■ Records for the exercise
_____

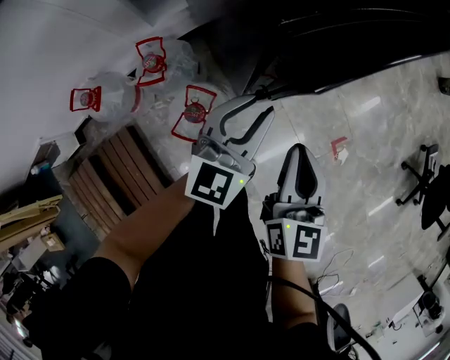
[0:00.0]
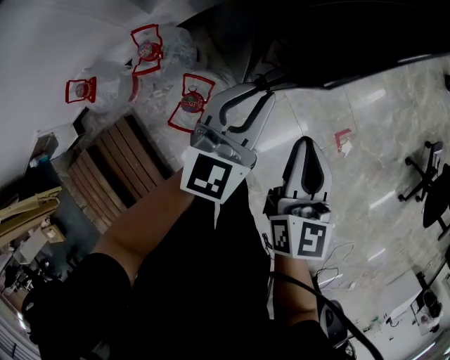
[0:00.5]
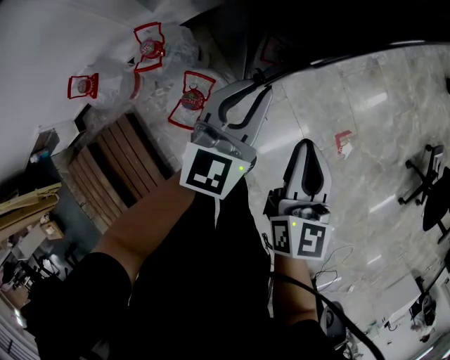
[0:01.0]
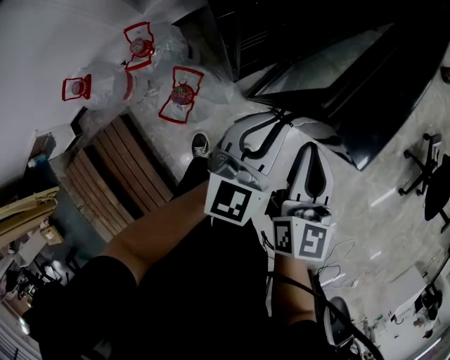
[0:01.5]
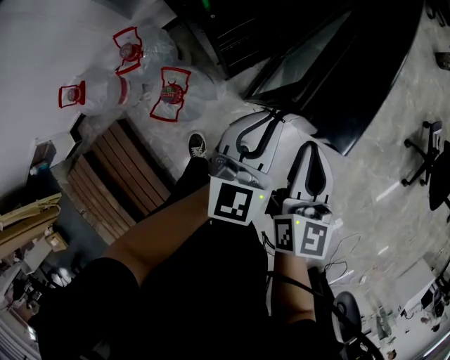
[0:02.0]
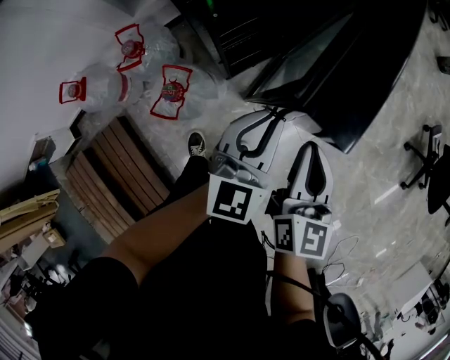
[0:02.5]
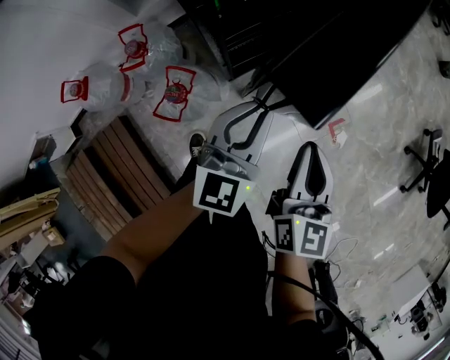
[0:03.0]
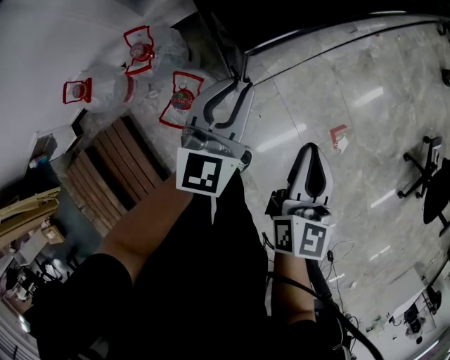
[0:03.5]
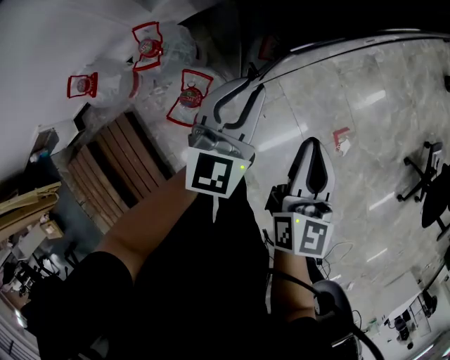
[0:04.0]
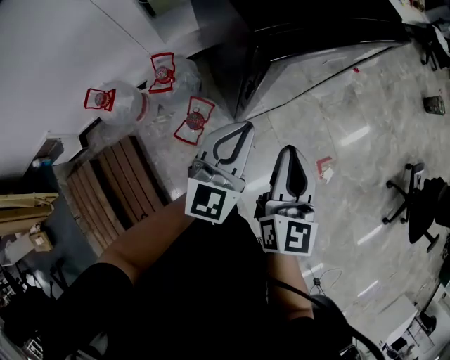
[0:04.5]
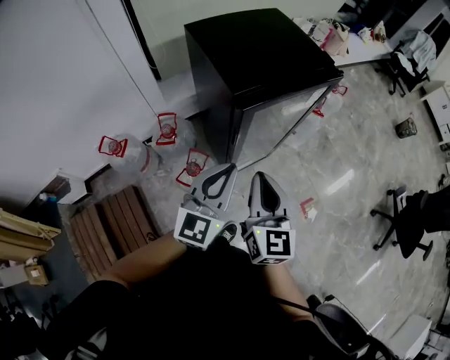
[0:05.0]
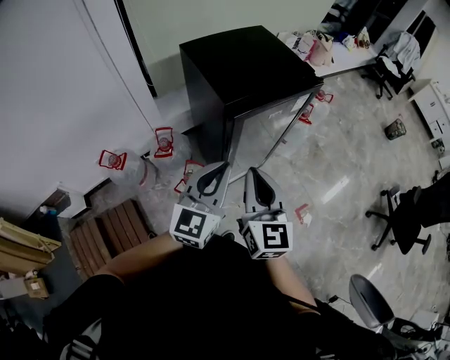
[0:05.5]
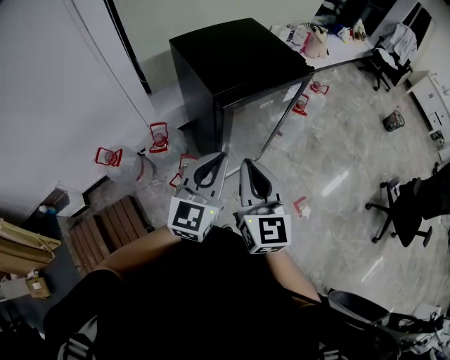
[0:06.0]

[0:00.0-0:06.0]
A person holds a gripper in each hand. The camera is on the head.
0:00.0 to 0:02.0: The right gripper shifts approximately 15 cm to the right; the left gripper shifts approximately 15 cm to the right and backward.
0:02.0 to 0:04.0: The left gripper is displaced to the left and forward by approximately 15 cm, while the right gripper shifts roughly 10 cm to the left.
0:04.0 to 0:06.0: The left gripper travels upward and backward by roughly 30 cm. The right gripper is displaced upward by roughly 25 cm, and changes its angle by approximately 20 degrees.

_____

Go through the listing above and write it out again exactly, dropping the pictures.

■ Solution to this exercise
[0:00.0]
[0:00.5]
[0:01.0]
[0:01.5]
[0:02.0]
[0:02.5]
[0:03.0]
[0:03.5]
[0:04.0]
[0:04.5]
[0:05.0]
[0:05.5]
[0:06.0]

[0:00.0-0:06.0]
A person holds a gripper in each hand. The camera is on the head.
0:00.0 to 0:02.0: The right gripper shifts approximately 15 cm to the right; the left gripper shifts approximately 15 cm to the right and backward.
0:02.0 to 0:04.0: The left gripper is displaced to the left and forward by approximately 15 cm, while the right gripper shifts roughly 10 cm to the left.
0:04.0 to 0:06.0: The left gripper travels upward and backward by roughly 30 cm. The right gripper is displaced upward by roughly 25 cm, and changes its angle by approximately 20 degrees.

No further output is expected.